Question: And this is what I was going to ask you yesterday… On global sustainability, the thing on Monday, which is that Kevin Rudd, now that it’s been confirmed that he’s one of the members of the high-level group, he said in Australia that all this… because there’s some controversy about how it may conflict with his existing, or future, duties in Australia. He said the entirety of the work of that panel will be a single meeting to attend in 2010 and two meetings in 2011; therefore, no conflict with his work. So, I just wanted to confirm that this high-level panel in this next year and nearly a half, that it is essentially asking of the members three meetings and no more.
Spokesperson: That’s correct. That doesn’t mean that other things are not going on through the Secretariat, which will be coordinating the work of that panel in between those meetings.
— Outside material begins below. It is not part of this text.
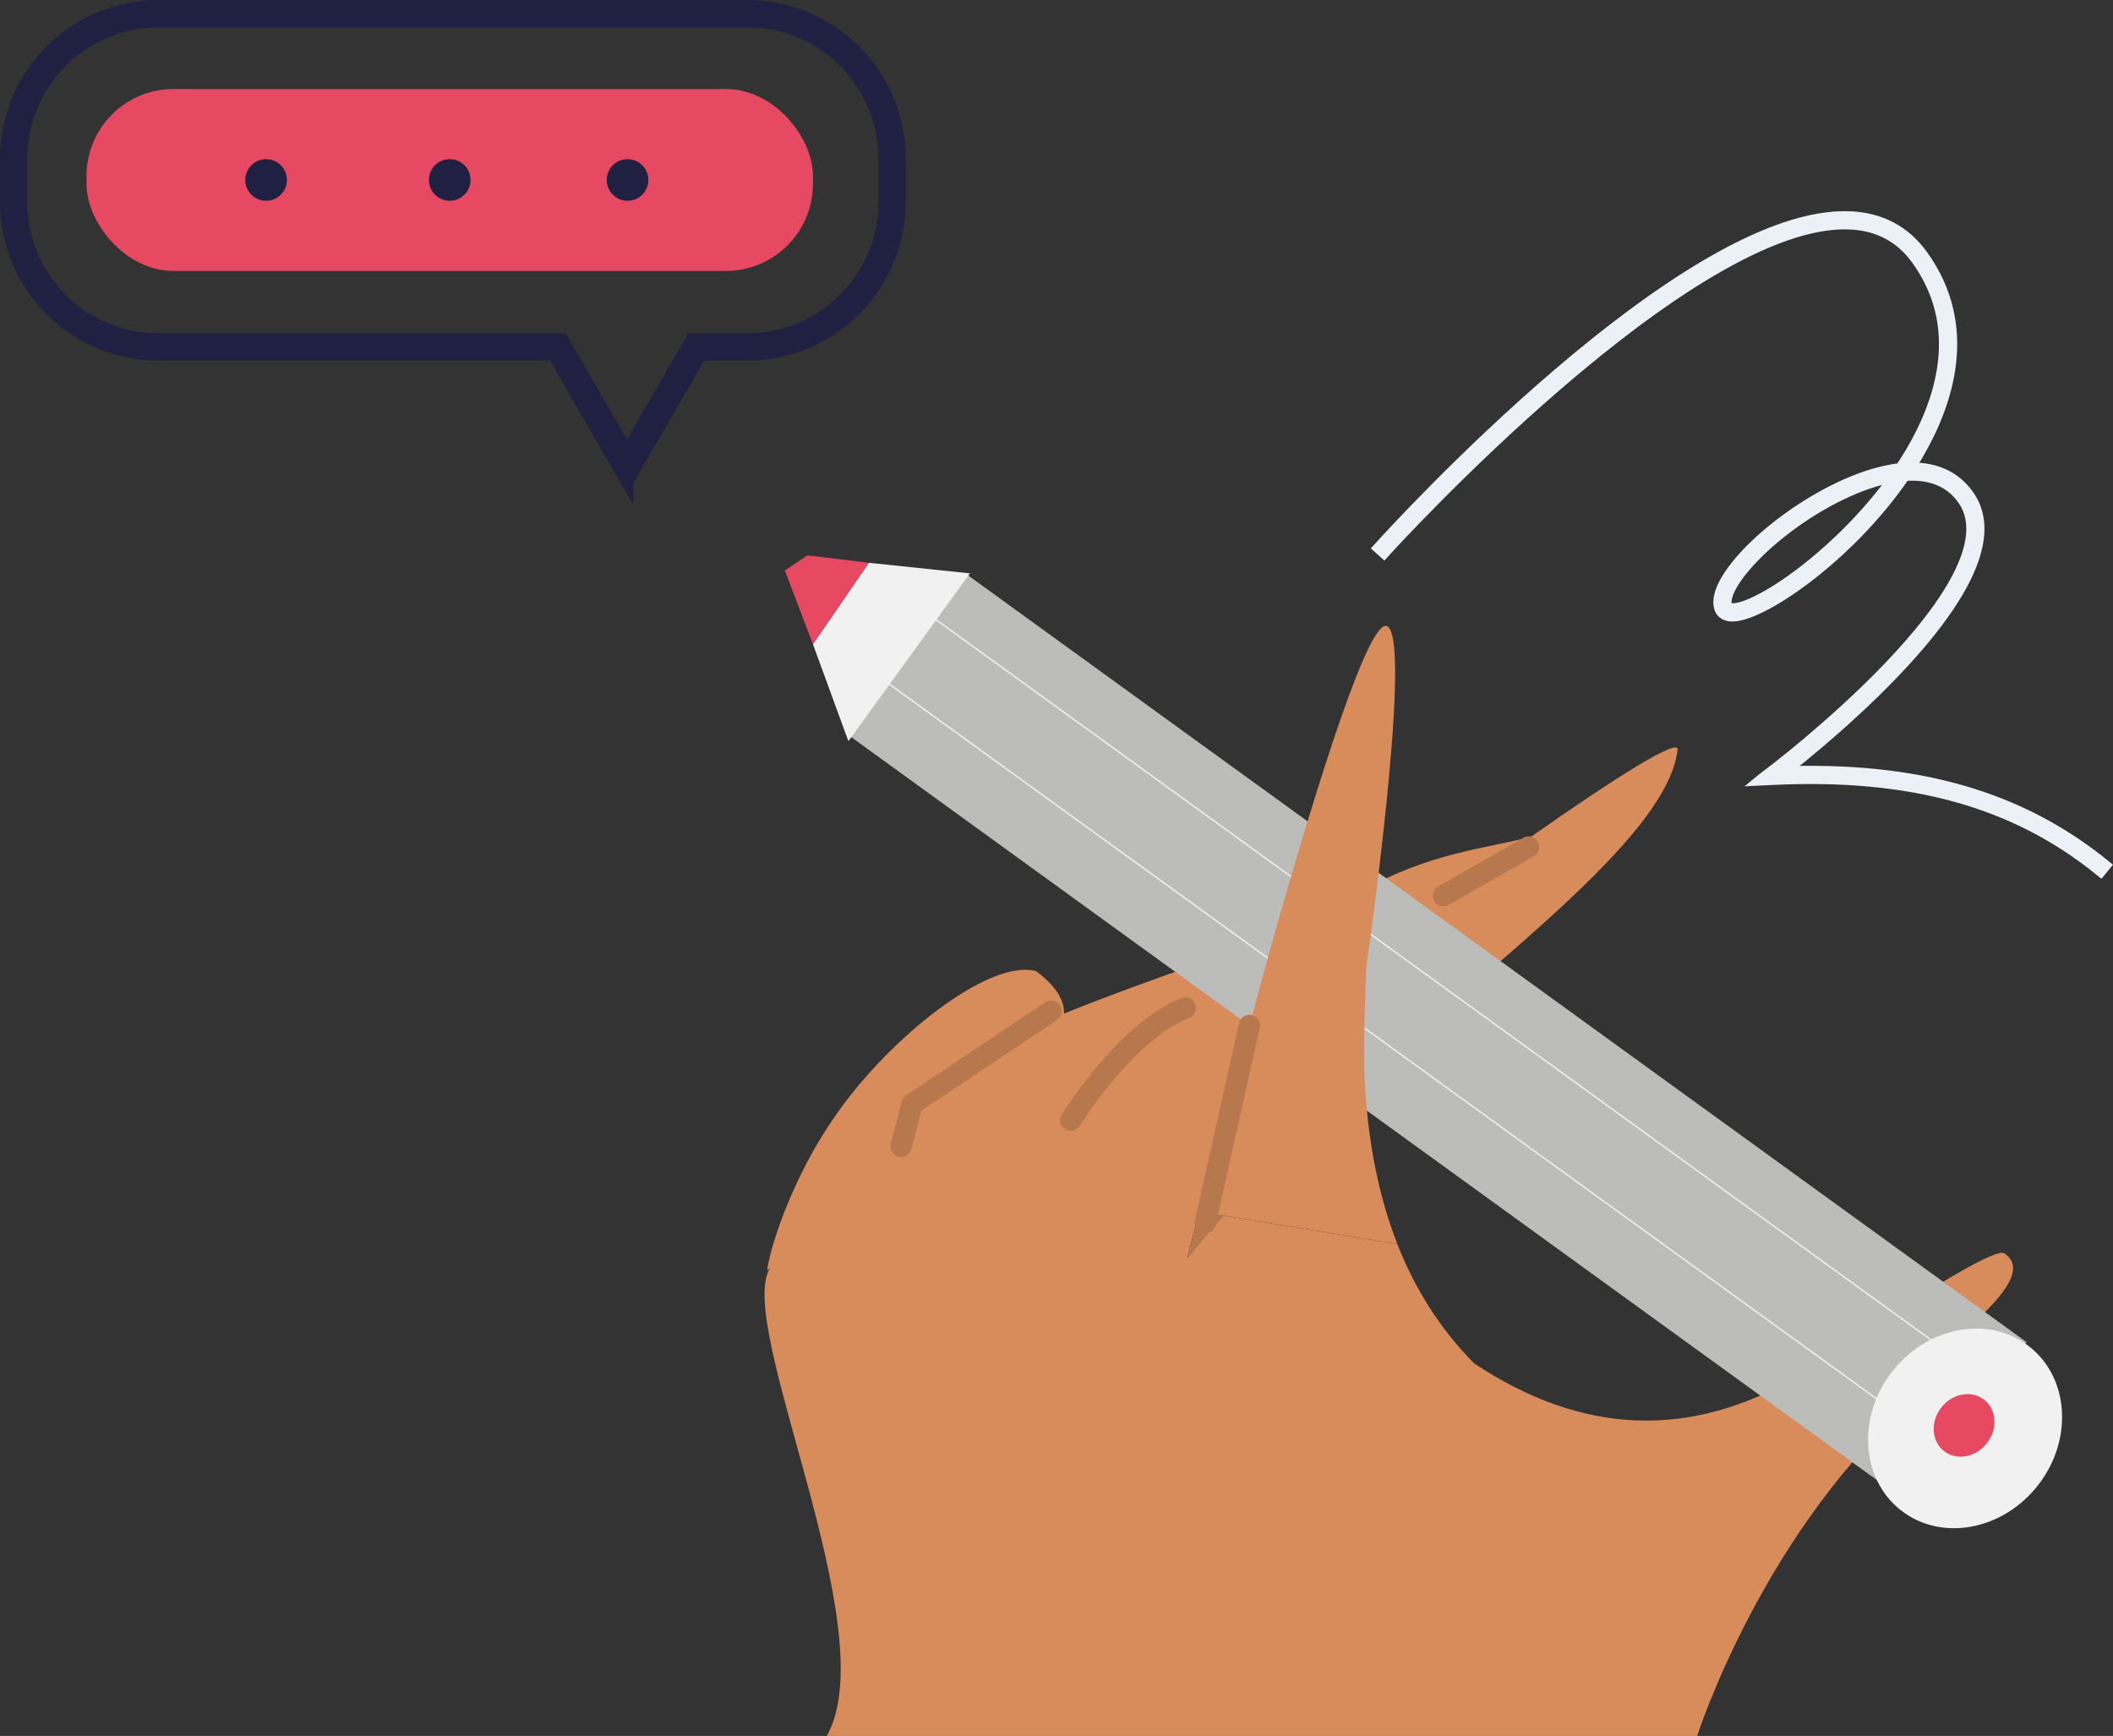 <svg xmlns="http://www.w3.org/2000/svg" id="Layer_2" viewBox="0 0 497.57 408.79"><rect x="0" y="0" width="497.57" height="408.79" fill="#333333" stroke="none"/><defs><style>      .cls-1 {        fill: #f1f1f1;      }      .cls-2 {        fill: #bcbcbb;      }      .cls-3 {        fill: #e74963;      }      .cls-4 {        fill: #b7784d;      }      .cls-5 {        fill: #ebeceb;      }      .cls-6, .cls-7 {        fill: #1f2042;      }      .cls-8 {        fill: #ecf1f7;        stroke: #ecf1f7;      }      .cls-8, .cls-7 {        stroke-miterlimit: 10;        stroke-width: 3px;      }      .cls-9 {        fill: none;        stroke: #b7784d;        stroke-linecap: round;        stroke-linejoin: round;        stroke-width: 5px;      }      .cls-10 {        fill: #d88b5b;      }      .cls-7 {        stroke: #1f2042;      }    </style></defs><g id="Capa_1"><g><g><path class="cls-10" d="M471.99,295.14c-3.38-2.25-47.26,28.13-47.26,28.13-26.65,16.19-52.49,14.48-77.64-2.25-8.13-8.24-13.98-17.72-18.05-28.07l-41.01-6.69c-2.98,3.32-5.81,6.66-8.46,10.01,0,0,1.04-4.1,2.81-10.93,2.02-7.8,5.01-19.17,8.49-32.08.55-2.05,1.12-4.14,1.7-6.27.94-3.47,1.92-7.02,2.91-10.61.71-2.58,1.44-5.18,2.17-7.79.68-2.44,1.37-4.89,2.07-7.34-20.2,6.12-49.29,16.99-57.29,21.01-10.7,5.39-19.76,11.29-27.68,17.75,0,0,54.21-12.64,29.23-31.32-10.29-2.87-32.11,13.63-45.37,31.41-13.26,17.79-17.94,36.86-17.94,39.11l.71-.68c-8.59,13.27,27.32,85.43,13.31,110.26h204.96s15.63-49.03,52.48-80.44c4.51-3.85,5.65-10.43,10.05-14.41,7.34-6.65,15.85-14.76,9.8-18.79Z"></path><path class="cls-10" d="M395.05,176.57c.35-2.89-13.83,5.98-34.32,20.32-7.6,2.49-21.81,3.25-37.53,11.56-.71,4.61-.53,13.83-.94,16.26-.32,1.92-.52,3-.52,3-.11,1.57-.21,3.13-.3,4.69-.4,7.31-.47,14.53-.12,21.58,34.72-30.68,71.38-57.89,73.72-77.41Z"></path></g><rect class="cls-2" x="184.23" y="221.06" width="308.56" height="46.98" transform="translate(207.81 -152.07) rotate(35.92)"></rect><rect class="cls-5" x="343.28" y="80.02" width=".36" height="309.97" transform="translate(-48.3 375.41) rotate(-54.1)"></rect><rect class="cls-5" x="333.64" y="96.19" width=".36" height="309.97" transform="translate(-65.39 374.28) rotate(-54.1)"></rect><ellipse class="cls-1" cx="462.75" cy="336.4" rx="24.5" ry="21.77" transform="translate(-87.3 493.72) rotate(-51.98)"></ellipse><ellipse class="cls-3" cx="462.51" cy="335.69" rx="7.68" ry="6.82" transform="translate(-86.83 493.26) rotate(-51.98)"></ellipse><polygon class="cls-1" points="228.41 135.02 204.6 132.53 191.43 151.7 199.78 174.54 228.41 135.02"></polygon><polygon class="cls-3" points="204.6 132.53 190.15 130.78 184.82 134.34 191.43 151.7 204.6 132.53"></polygon><path class="cls-4" d="M279.58,296.26c2.65-3.35,5.48-6.69,8.46-10.01l-5.65-.92c-1.77,6.83-2.81,10.93-2.81,10.93Z"></path><path class="cls-10" d="M321.75,227.71s10.82-75.23,5.11-80.12c-4-3.43-16.14,35.01-27.12,73.65-.7,2.45-15.32,56.29-17.35,64.09l5.65.92,41.01,6.69c-4.71-11.99-7.03-25.17-7.72-38.97-.35-7.05.3-24.7.42-26.27Z"></path><line class="cls-9" x1="283.81" y1="287.94" x2="294.23" y2="241.47"></line><line class="cls-9" x1="359.96" y1="199.45" x2="339.89" y2="210.92"></line><path class="cls-9" d="M279.13,237.36c-9.75,3.75-20.18,15.85-27,26.44"></path><polyline class="cls-9" points="212.2 269.95 214.77 260.01 247.53 238.11"></polyline></g><path class="cls-8" d="M415.28,183.43l1.67-1.26c.59-.44,59.05-44.73,45.56-64.49-3.44-5.04-8.73-6.34-14.13-5.91-13.37,19.62-34.62,33.83-40.97,33.06-1.51-.18-2.07-1.06-2.28-1.76-1.91-6.38,12.28-20.56,28.1-28.1,3.83-1.82,9.12-3.87,14.42-4.42.88-1.31,1.72-2.64,2.52-3.98,7.03-11.91,12.97-29.5,1.32-45.62-3.77-5.22-9.02-8.04-15.6-8.4-37.86-2.06-109.28,76.54-110,77.34l-.96-.86c2.94-3.26,72.55-79.86,111.03-77.76,6.99.38,12.57,3.39,16.57,8.93,12.06,16.69,5.97,34.78-1.26,47.03-.64,1.08-1.31,2.15-2,3.21,5.44-.23,10.73,1.32,14.29,6.54,13.02,19.08-34.5,57.45-44.23,65,32.02-1.22,56.25,5.75,76.12,21.86l-.81,1c-20.03-16.25-44.58-23.07-77.29-21.49l-2.09.1ZM446.68,111.95c-4.75.68-9.44,2.52-12.89,4.17-15.94,7.6-28.96,21.41-27.42,26.57.1.31.32.74,1.2.85,5.82.71,26.13-13.09,39.11-31.59Z"></path><path class="cls-7" d="M147.66,113.35l-17.28-29.93H37.34C17.58,83.43,1.5,67.35,1.5,47.58v-10.24C1.5,17.58,17.58,1.5,37.34,1.5h138.6c19.76,0,35.84,16.08,35.84,35.84v10.24c0,19.76-16.08,35.84-35.84,35.84h-11l-17.28,29.93ZM37.34,4.92C19.47,4.92,4.92,19.47,4.92,37.34v10.24c0,17.88,14.54,32.42,32.42,32.42h95.01l15.3,26.5,15.3-26.5h12.98c17.88,0,32.42-14.54,32.42-32.42v-10.24c0-17.88-14.54-32.42-32.42-32.42H37.34Z"></path><rect class="cls-3" x="20.37" y="20.96" width="171.06" height="42.84" rx="20.49" ry="20.49"></rect><circle class="cls-6" cx="62.66" cy="42.38" r="4.9"></circle><circle class="cls-6" cx="105.9" cy="42.38" r="4.9"></circle><circle class="cls-6" cx="147.78" cy="42.38" r="4.9"></circle></g></svg>

But bringing them together, and as you saw, it’s a list of august and distinguished individuals, serving and former ministers and policymakers and other people — bringing them all together at one point is obviously going to be a challenge. And therefore, that’s why you would have the meetings spaced in that way. That doesn’t mean that, in the meantime, other people are not working on pulling together the different strands that will end up helping those panel members when they meet, and then moving towards the final outcome to present to the Secretary-General at the other end of 2011.
Question: Okay, but the meeting that was characterized as a courtesy call by Mr. Rudd, and I think Janos Pasztor has now said it was discussed, this position was discussed at that meeting. Is that consistent with it being just a courtesy call? Or it just was part of… did it have to remain confidential until his name was on it?
Spokesperson: When you’re putting together a panel, you take into account many factors and individuals, and the panel was ready when it was ready. And it was announced when it was announced.
Alright? Thank you very much. Have a good afternoon.